• [Problem to solve]: The required output is the exact run of lines in the listing below from the line holding "Touch camera. The" through the line holding "Gel camera, home-made", with no pictures.

• [Exercise input]:
------------------------------------
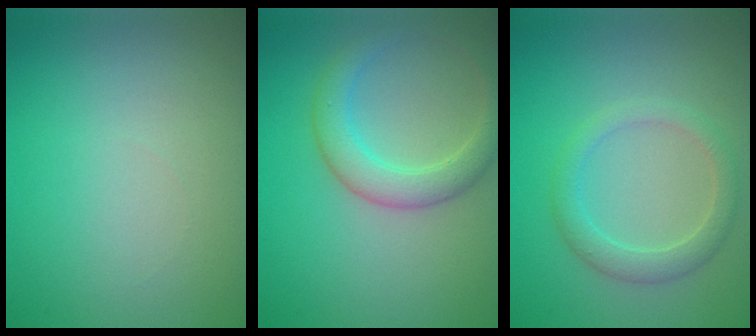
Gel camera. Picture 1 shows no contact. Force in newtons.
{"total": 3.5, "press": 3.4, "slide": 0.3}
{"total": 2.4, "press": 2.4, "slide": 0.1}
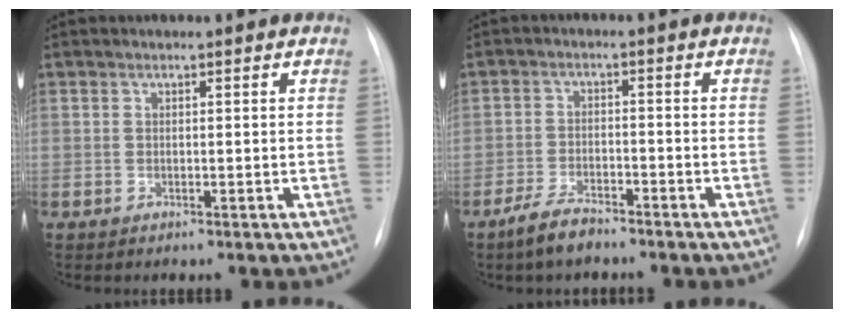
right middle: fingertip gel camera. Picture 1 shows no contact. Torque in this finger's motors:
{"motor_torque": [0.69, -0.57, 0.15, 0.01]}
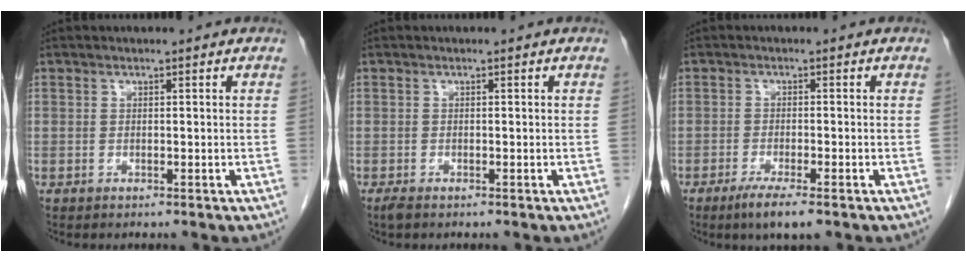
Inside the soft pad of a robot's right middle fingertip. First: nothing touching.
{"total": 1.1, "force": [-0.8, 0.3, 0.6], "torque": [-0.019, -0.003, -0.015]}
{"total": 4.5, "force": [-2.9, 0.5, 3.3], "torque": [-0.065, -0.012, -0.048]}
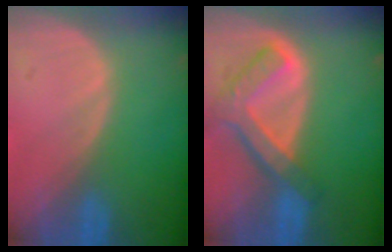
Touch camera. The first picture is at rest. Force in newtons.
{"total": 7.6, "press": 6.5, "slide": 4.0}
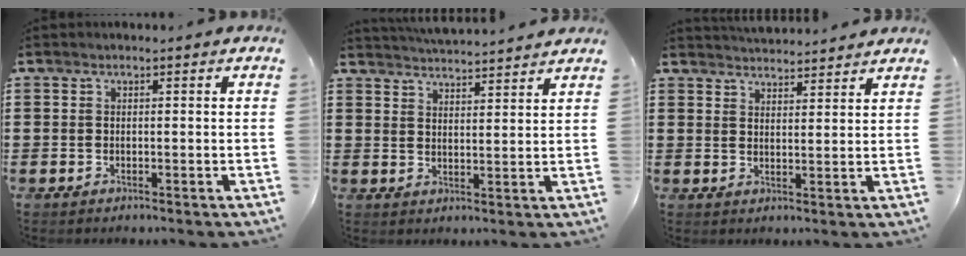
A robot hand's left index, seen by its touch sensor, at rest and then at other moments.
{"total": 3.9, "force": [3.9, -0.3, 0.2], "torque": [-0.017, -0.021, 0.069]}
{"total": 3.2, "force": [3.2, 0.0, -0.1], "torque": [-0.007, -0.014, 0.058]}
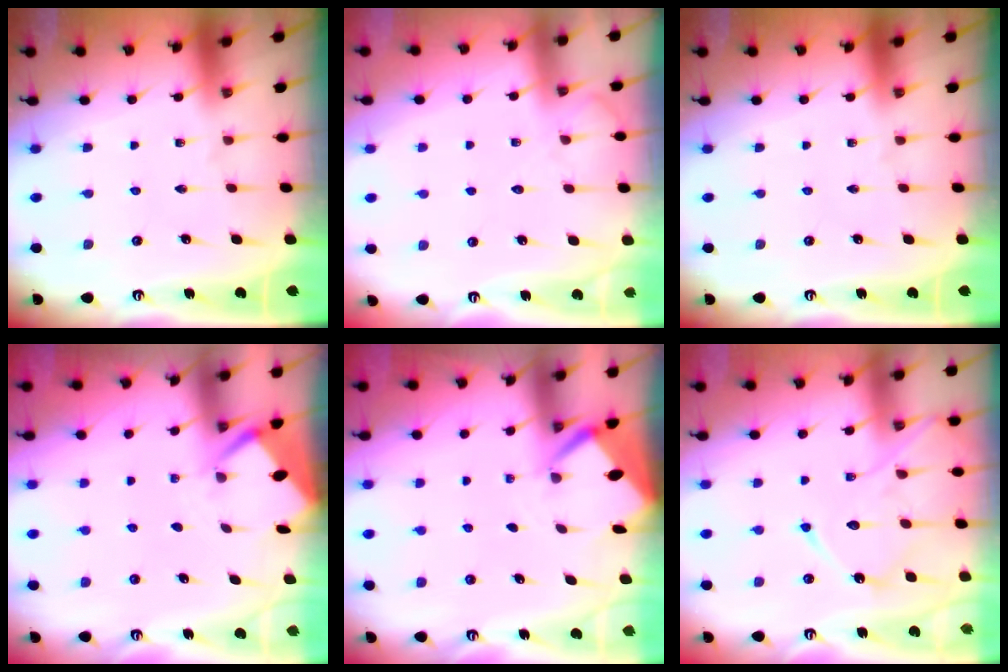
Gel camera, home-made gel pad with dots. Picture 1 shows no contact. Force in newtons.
------------------------------------
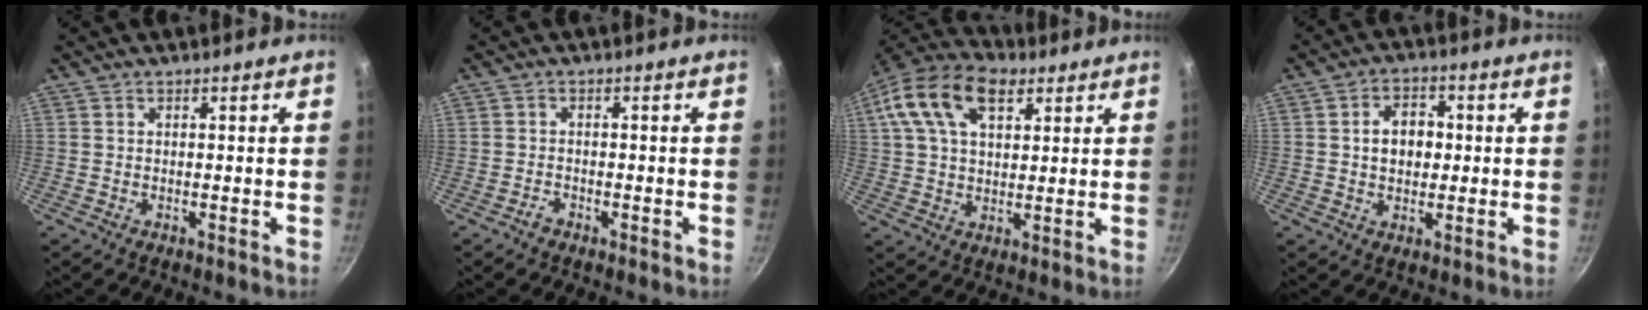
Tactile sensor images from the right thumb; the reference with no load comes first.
------------------------------------
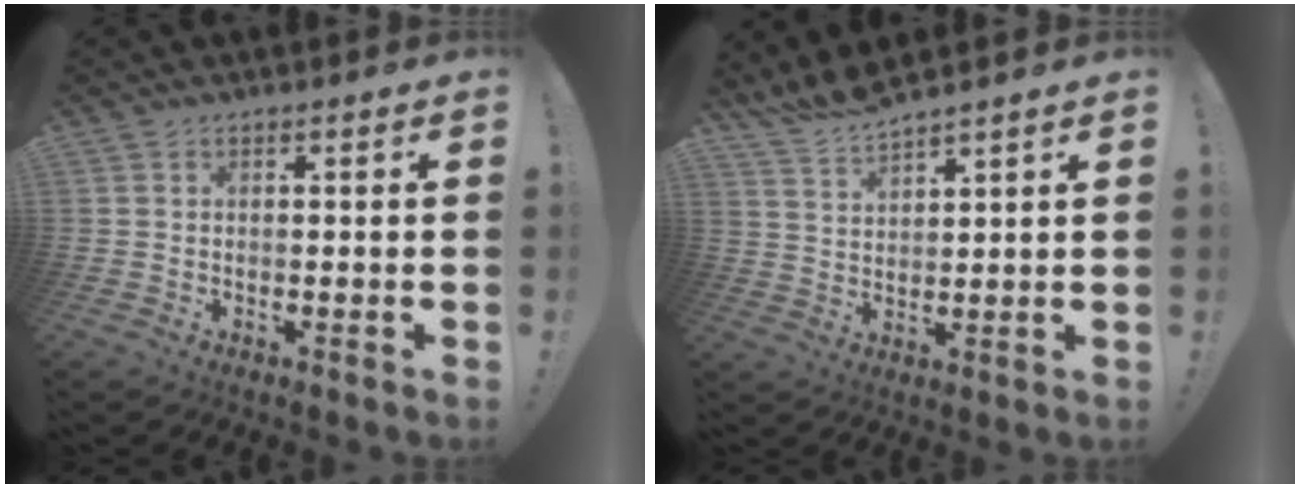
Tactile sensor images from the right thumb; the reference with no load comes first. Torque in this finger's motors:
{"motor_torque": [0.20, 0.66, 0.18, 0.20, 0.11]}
------------------------------------
• [Task solution]:
Touch camera. The first picture is at rest. Force in newtons.
{"total": 7.6, "press": 6.5, "slide": 4.0}
A robot hand's left index, seen by its touch sensor, at rest and then at other moments.
{"total": 3.9, "force": [3.9, -0.3, 0.2], "torque": [-0.017, -0.021, 0.069]}
{"total": 3.2, "force": [3.2, 0.0, -0.1], "torque": [-0.007, -0.014, 0.058]}
Gel camera, home-made gel pad with dots. Picture 1 shows no contact. Force in newtons.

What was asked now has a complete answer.